Nous vous soumettons, monsieur le ministre, que des discussions devraient être entamées avec votre homologue, le ministre de la Sécurité publique, en vue de lever sans délai les restrictions de voyage visant actuellement les détenteurs de CDRP l’ayant reçue après le 18 mars 2020. Nous ne comprenons d’ailleurs pas pour quelle raison ces demandeurs sont visés par des restrictions, alors que les étudiants internationaux et les détenteurs de CDRP en provenance des États-Unis ne le sont pas. Il ne semble exister à cet effet aucune justification sanitaire, d’autant que les détenteurs de CDRP manifestent depuis longtemps leur intention de se plier à toutes les mesures de quarantaine mises en place à leur arrivée. Nous vous soumettons par ailleurs que leur situation ne devrait pas être considérée comme un voyage, mais bien comme un déménagement : leur intention de s’installer ici à long terme, contrairement à beaucoup d’autres déplacements qui ne sont pourtant pas interdits, devrait peser dans la balance. Qui plus est, les détenteurs de CDRP pour qui nous demandons une levée des restrictions sont principalement des travailleurs qualifiés et des immigrants investisseurs qui seront appelés à participer à la relance économique par leur apport en main-d’œuvre, par la création d’emploi dans le cas des immigrants investisseurs et par les dépenses qui seront faites pour leur installation au pays.

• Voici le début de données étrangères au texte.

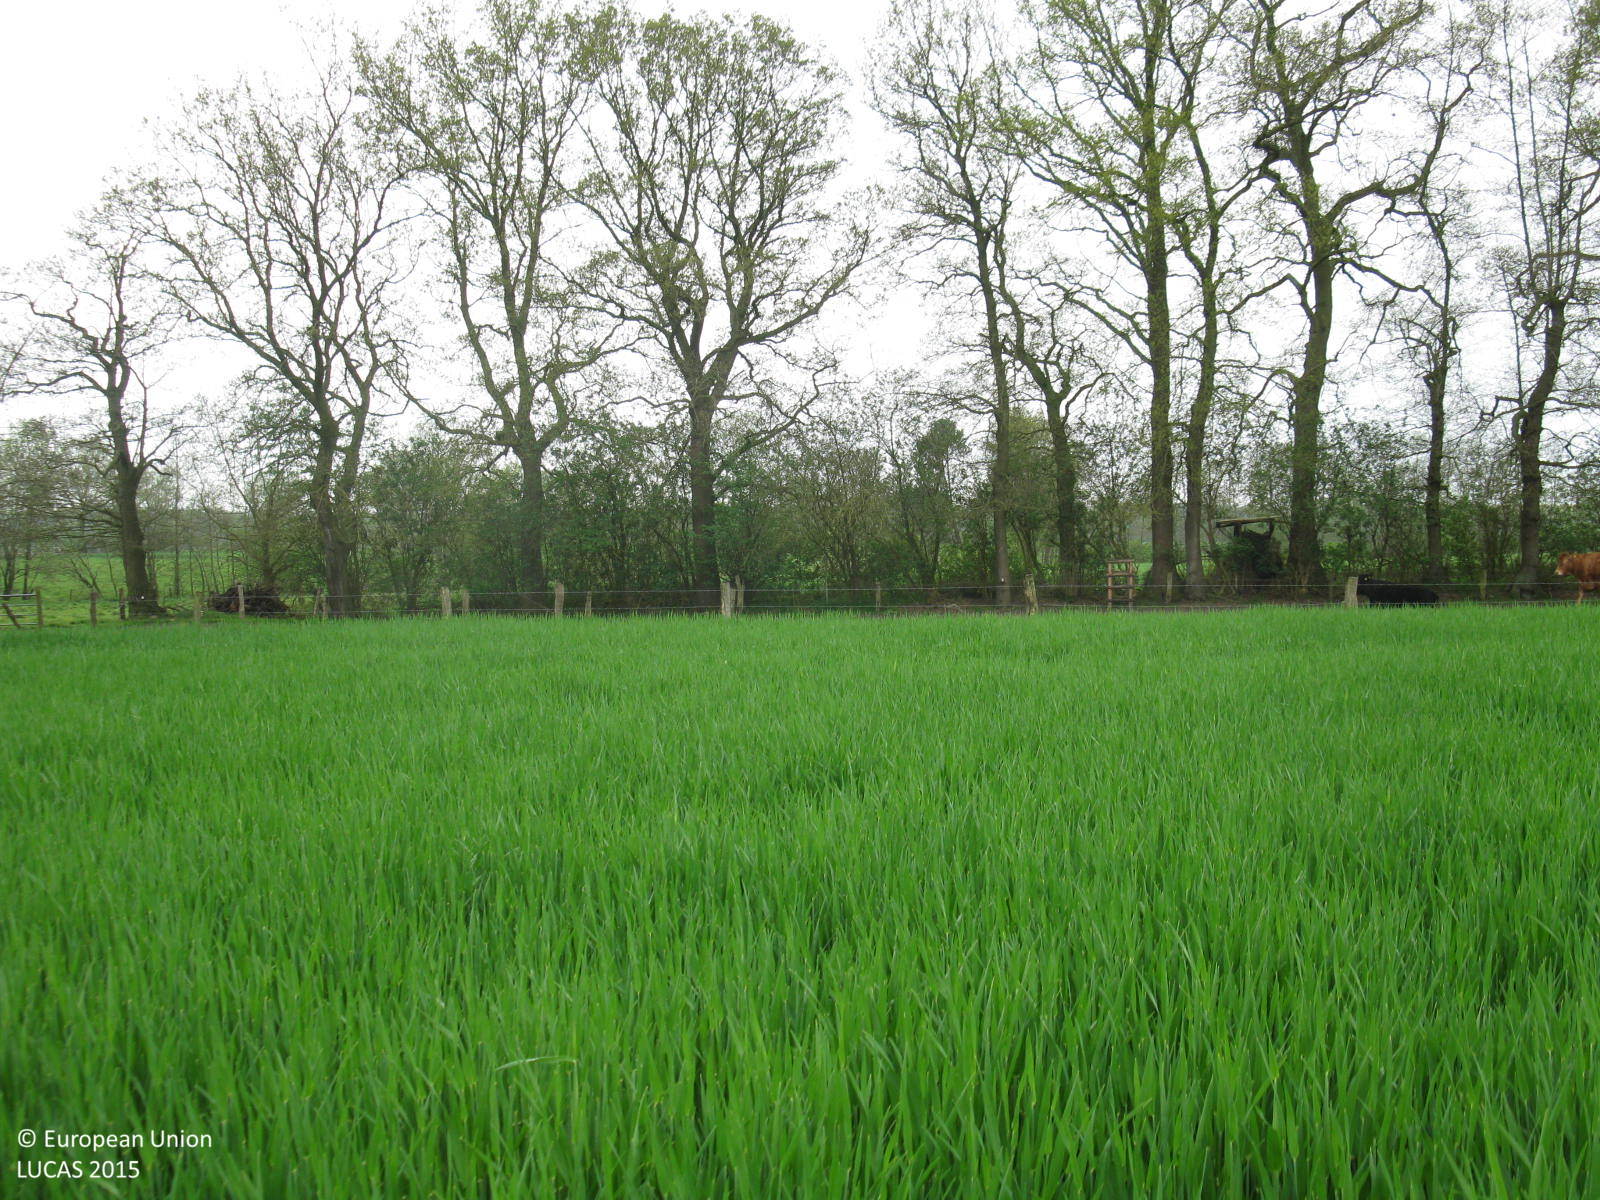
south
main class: Cropland
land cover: Barley
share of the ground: > 75 %
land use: Agriculture (excluding fallow land and kitchen gardens)
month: May
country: DE
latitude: 52.8809
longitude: 7.9351
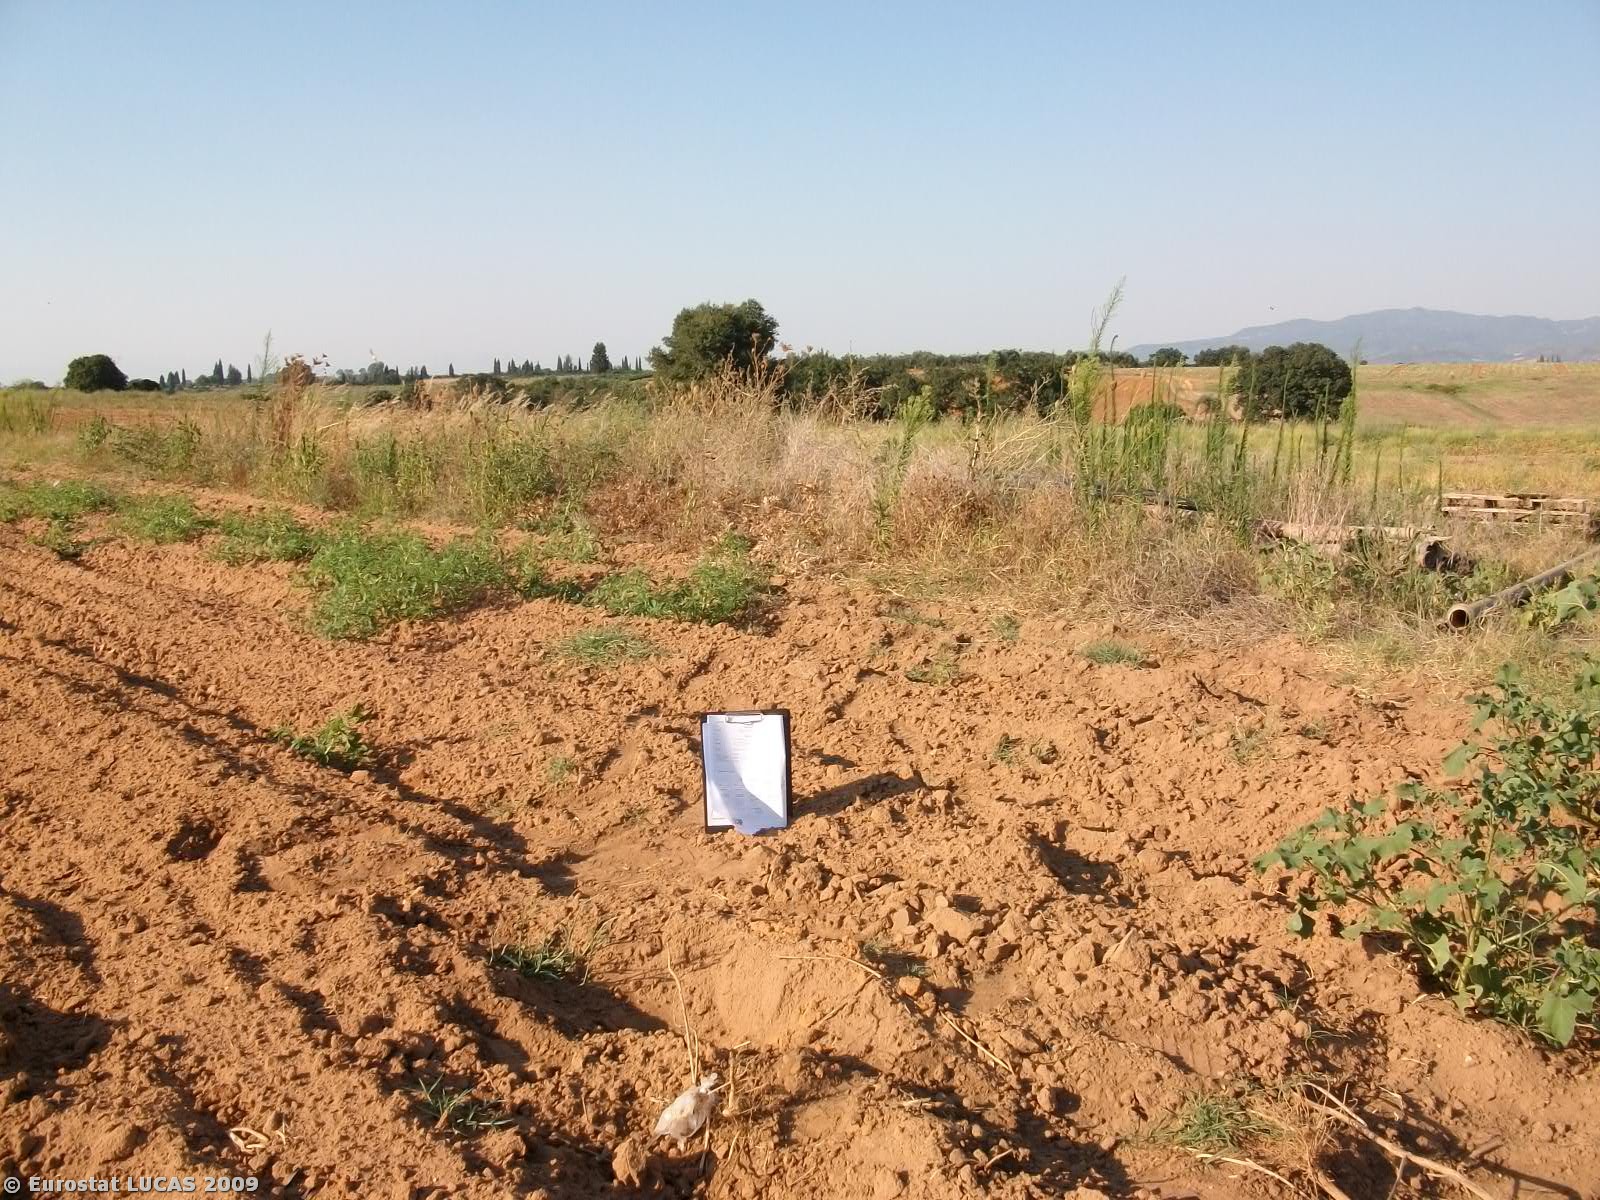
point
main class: Cropland
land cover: Other fresh vegetables
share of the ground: 10 - 25 %
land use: Agriculture (excluding fallow land and kitchen gardens)
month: July
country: GR
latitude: 37.9767
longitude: 21.3806
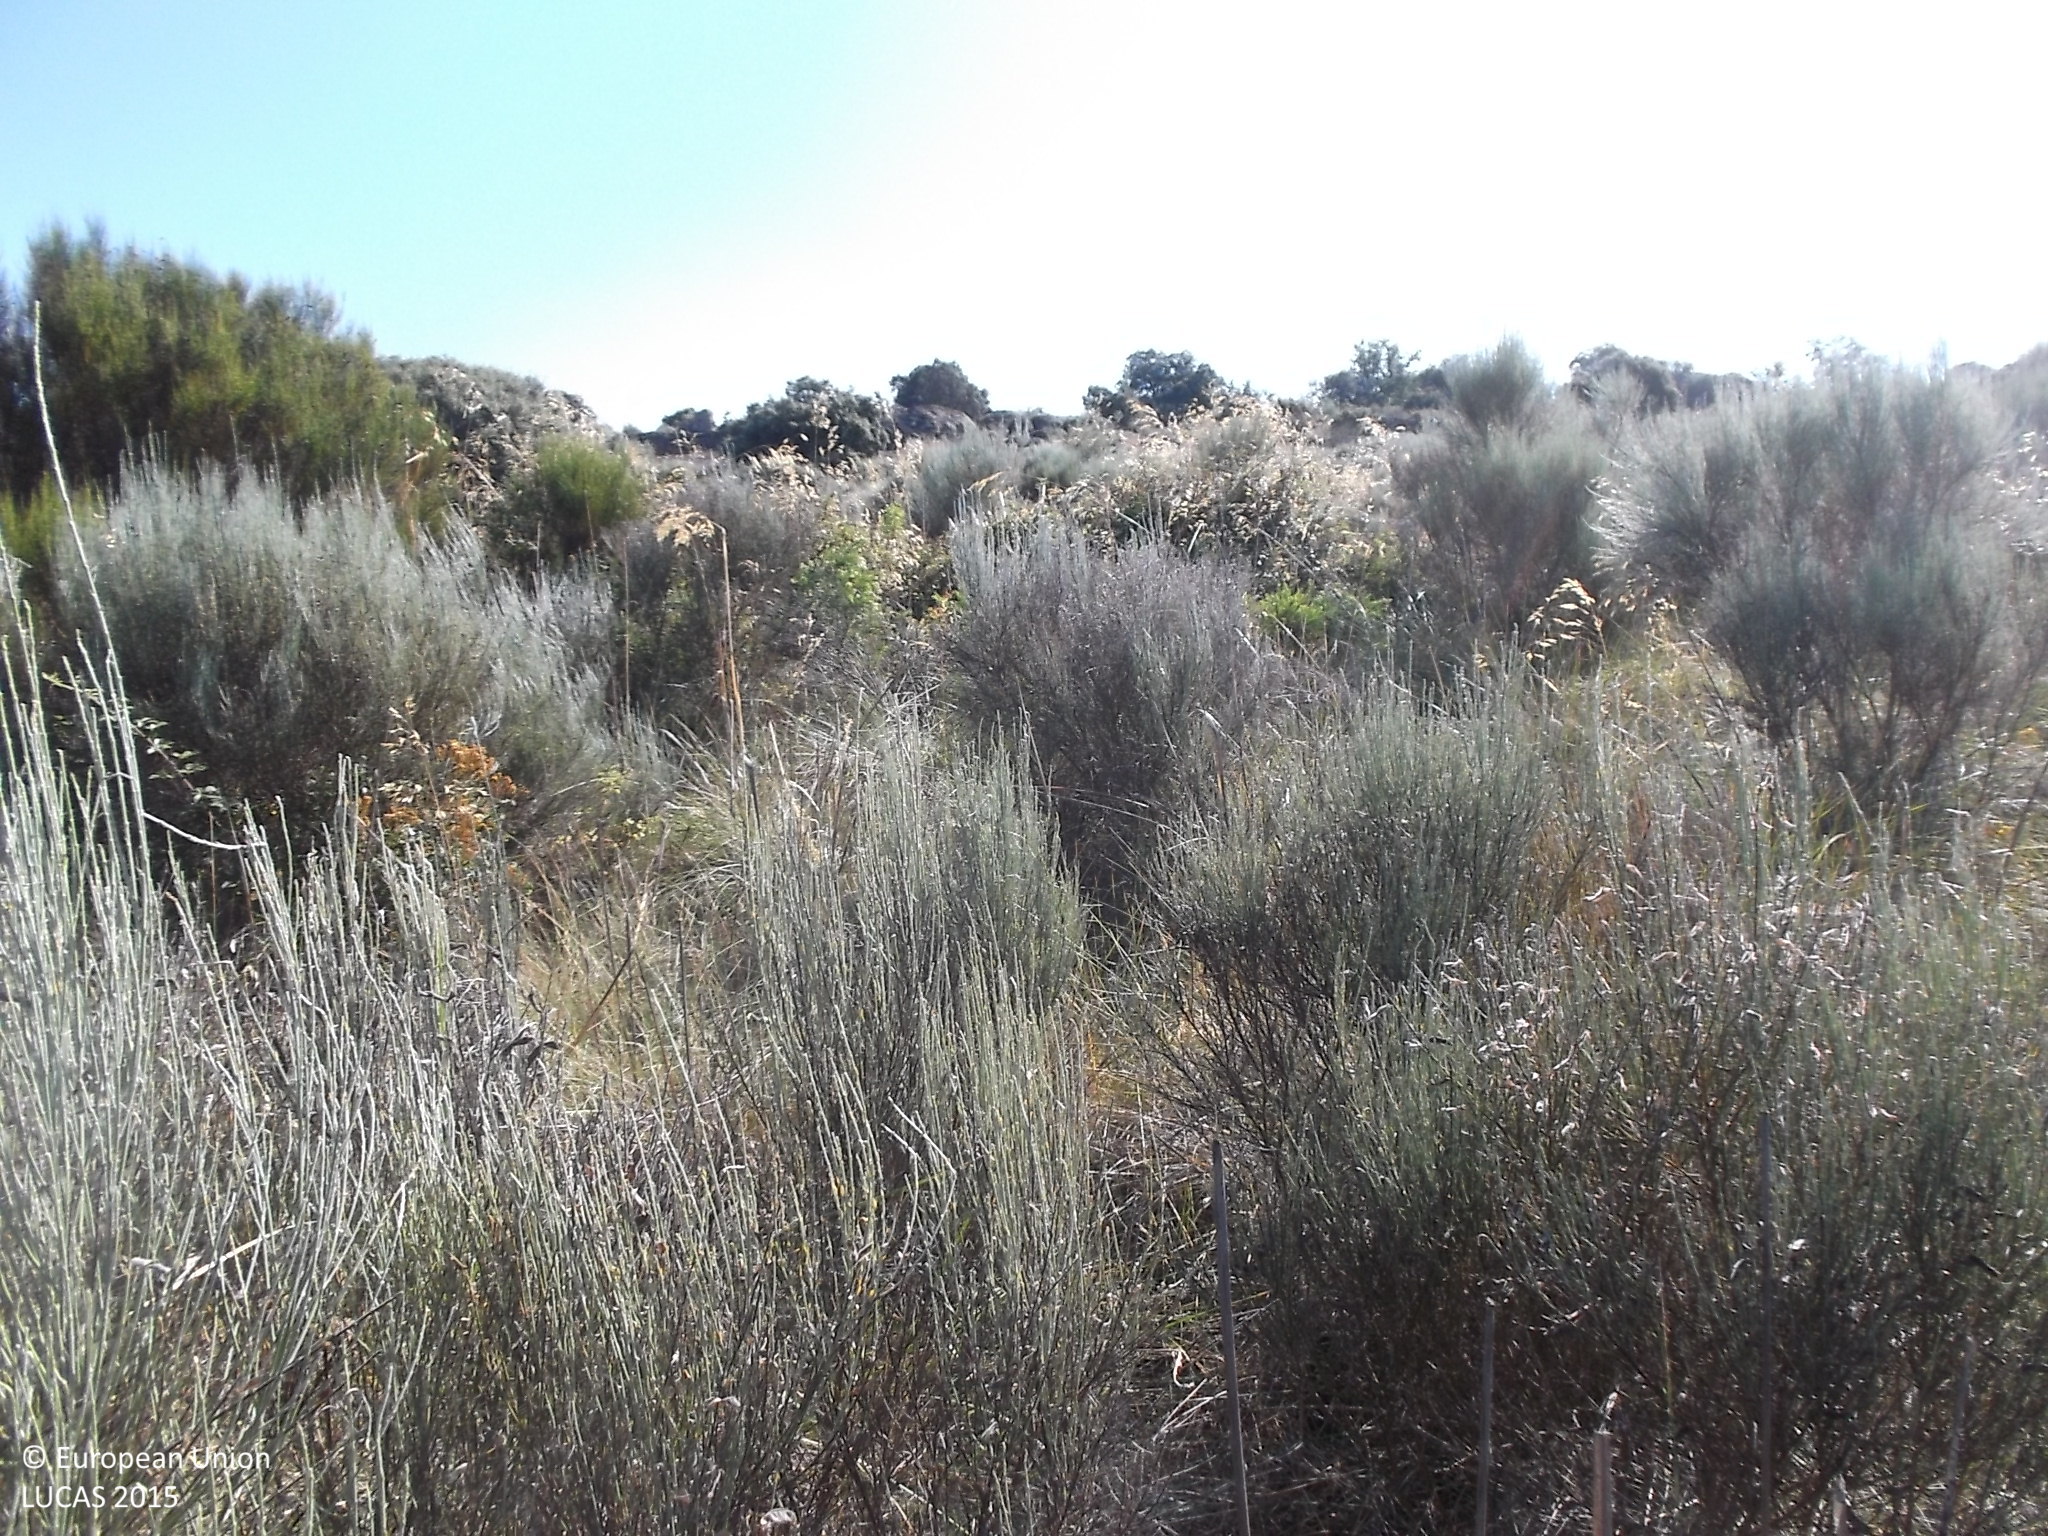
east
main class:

Qu’Immigration, Réfugiés et Citoyenneté Canada prolonge la durée de validité de toutes les Confirmations de résidence permanente de 12 mois à partir de la date de leur échéance.
Advenant la levée des restrictions de voyage, certains demandeurs pourraient se sentir pressés de venir au Canada immédiatement alors que la date d'expiration de leur confirmation de résidence approche. Ne voulant pas s’exposer aux risques associés au voyagement en temps de pandémie, il est de leur droit d’attendre que la situation sanitaire mondiale se stabilise avant de venir au Canada. Nous soumettons qu’une directive unique visant à prolonger la validité des CDRP permettra de mettre fin à cette incertitude tout en évitant d’ajouter à la tâche des agents d’immigration dans le futur. Nous croyons que cette prolongation devrait pouvoir se faire sans qu’il soit nécessaire de refaire les examens médicaux ou les vérifications d’antécédents judiciaires s’ils venaient à échéance dans l’intervalle. D’une part, il est vraisemblable que la situation des demandeurs ne changera pas quant à leur situation de santé ou leurs antécédents entre la date d’expiration initiale de leur CDRP et la date de leur arrivée ici ensuite. D’autre part, il serait pour le moins questionnable que des suites de l’écoulement du temps dans un contexte de crise sanitaire qui est hors de leur contrôle, on refuse finalement à des détenteurs de CDRP une résidence permanente qui leur était autrement à peu de chose près acquise au moment d’initialement émettre la CDRP.
Finalement, nous nous permettons de soulever l’incongruité de certaines décisions du gouvernement: alors que dans les faits, les détenteurs de CDRP ne voyagent pas autant qu’ils déménagent et souhaitent le faire en tout respect des règles sanitaires, le gouvernement s’obstine à ne pas interdire les voyages non essentiels. Nous vous soumettons que cette situation envoie un mauvais message aux immigrants.
Je me permets d’espérer, monsieur le ministre, que la présente saura trouver chez vous une oreille attentive et vous prie d’agréer mes salutations les meilleures.